Identifying Physically Realizable Triggers for Backdoored Face Recognition Networks
Ankita Raj, Ambar Pal, and Chetan Arora

TL;DR
This paper presents a new method to detect and identify natural, physically realizable triggers in backdoored face recognition networks, enhancing security by pinpointing specific attack patterns.
Contribution
It introduces a novel technique for detecting and identifying natural triggers in backdoored face recognition systems, improving upon naive baseline methods.
Findings
Achieved 74% top-5 accuracy in trigger identification
Outperformed naive baseline with 56% accuracy
Demonstrated effectiveness on a compromised face recognition network
Abstract
Backdoor attacks embed a hidden functionality into deep neural networks, causing the network to display anomalous behavior when activated by a predetermined pattern in the input Trigger, while behaving well otherwise on public test data.
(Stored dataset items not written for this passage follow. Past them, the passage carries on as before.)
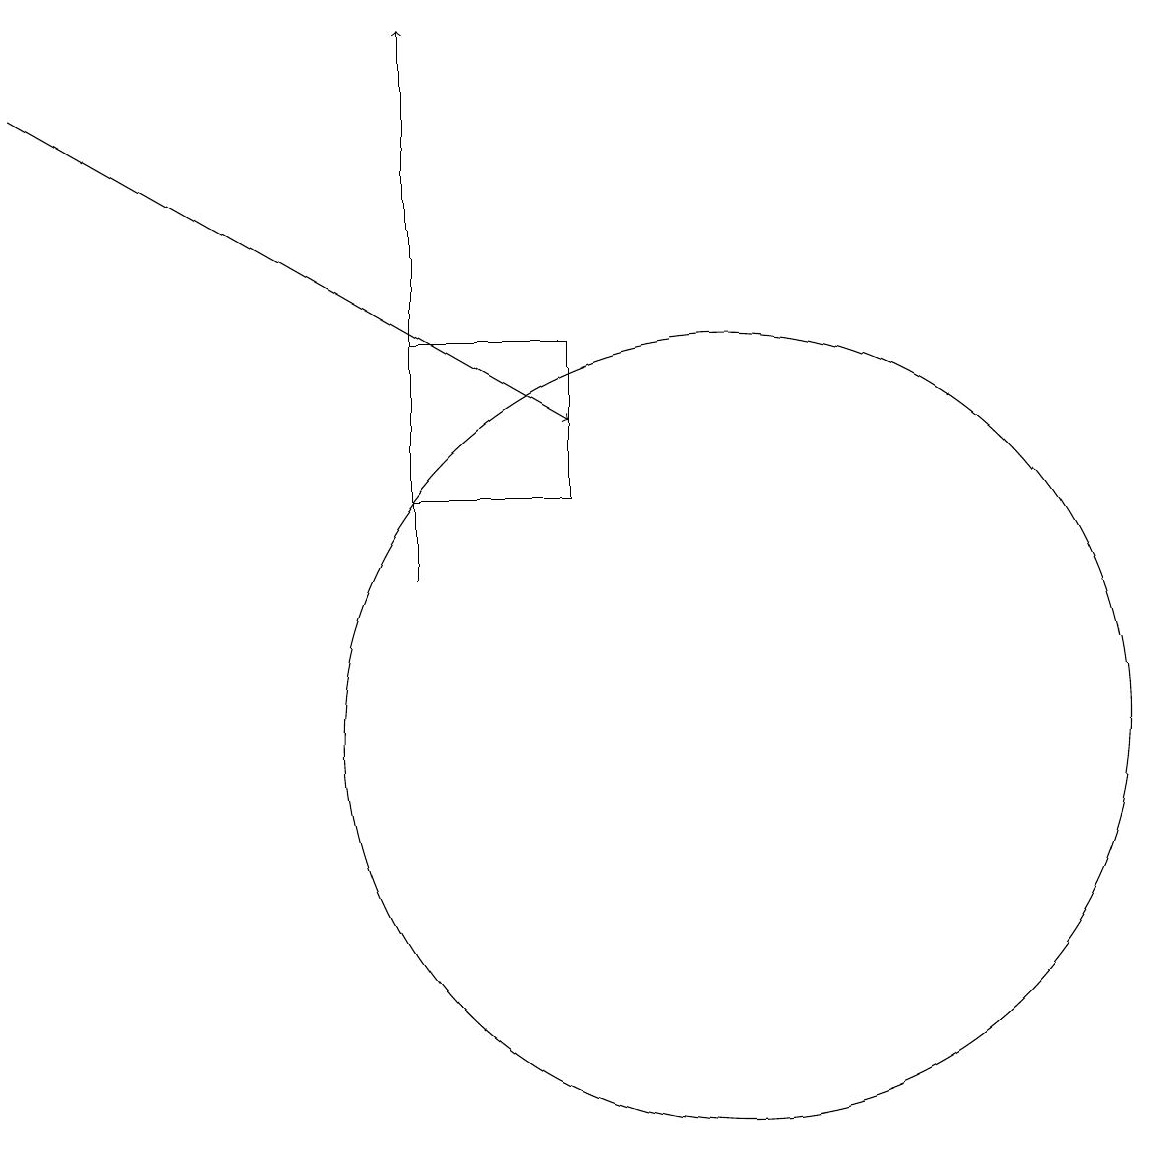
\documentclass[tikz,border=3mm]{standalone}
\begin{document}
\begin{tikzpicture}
\draw[->] (1,18) -- (8,14);
\draw[->] (6,12) -- (6,19);
\draw (10,10) circle (5);
\draw (6,15) rectangle (8,13);
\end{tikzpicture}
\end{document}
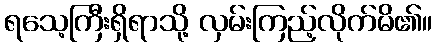
ရသေ့ကြီးရှိရာသို့ လှမ်းကြည့်လိုက်မိ၏။
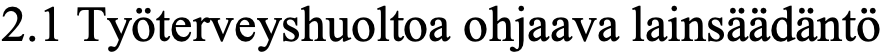
2.1 Työterveyshuoltoa ohjaava lainsäädäntö
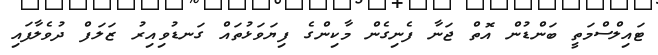
ޓައިލްސްމަތީ ބަންޑުން އޮތް ޖަނާ ފެނިގެން މާކިންގެ ފިޔަވަޅުތައް ގަނޑުވިއިރު ޒަލަފް ދުވެލާފައި
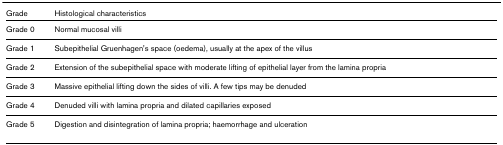
| Grade | Histological characteristics |
 | --- | --- |
 | Grade 0 | Normal mucosal villi |
 | Grade 1 | Subepithelial Gruenhagen's space (oedema), usually at the apex of the villus |
 | Grade 2 | Extension of the subepithelial space with moderate lifting of epithelial layer from the lamina propria |
 | Grade 3 | Massive epithelial lifting down the sides of villi. A few tips may be denuded |
 | Grade 4 | Denuded villi with lamina propria and dilated capillaries exposed |
 | Grade 5 | Digestion and disintegration of lamina propria; haemorrhage and ulceration |
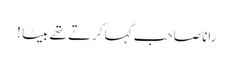
رانا صاحب کہا کرتے تھے بیٹا !
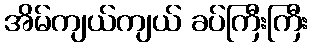
အိမ်ကျယ်ကျယ် ခပ်ကြီးကြီး
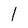
Character: 1
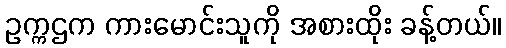
ဥက္ကဌက ကားမောင်းသူကို အစားထိုး ခန့်တယ်။
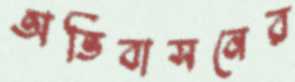
অভিবাসনের
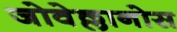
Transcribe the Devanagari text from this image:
जोवेल्लानोस
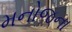
મનોજના
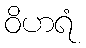
ဝိဟရံ
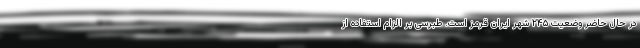
در حال حاضر وضعیت ۲۴۵ شهر ایران قرمز است. طبرسی بر الزام استفاده از
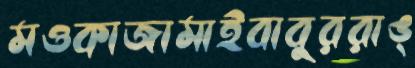
মওকাজামাইবাবুররাঙ্
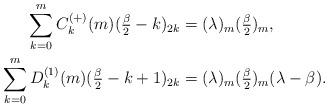
LaTeX: \begin{align*} \sum_{k=0}^{m} C^{(+)}_k(m) (\tfrac{\beta}{2}-k)_{2k}&=(\lambda)_m (\tfrac{\beta}{2})_m,\\ \sum_{k=0}^{m} D^{(1)}_k(m) (\tfrac{\beta}{2}-k+1)_{2k}&=(\lambda)_m (\tfrac{\beta}{2})_{m}(\lambda-\beta). \end{align*}
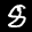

Recent works have shown that backdoored face recognition (FR) systems can respond to natural-looking triggers like a particular pair of sunglasses. Such attacks pose a serious threat to the applicability of FR systems in high-security applications. We propose a novel technique to (1) detect whether an FR network is compromised with a natural, physically realizable trigger, and (2) identify such triggers given a compromised network. We demonstrate the effectiveness of our methods with a compromised FR network, where we are able to identify the trigger (e.g., green sunglasses or red hat) with a top-5 accuracy of 74%, whereas a naive brute force baseline…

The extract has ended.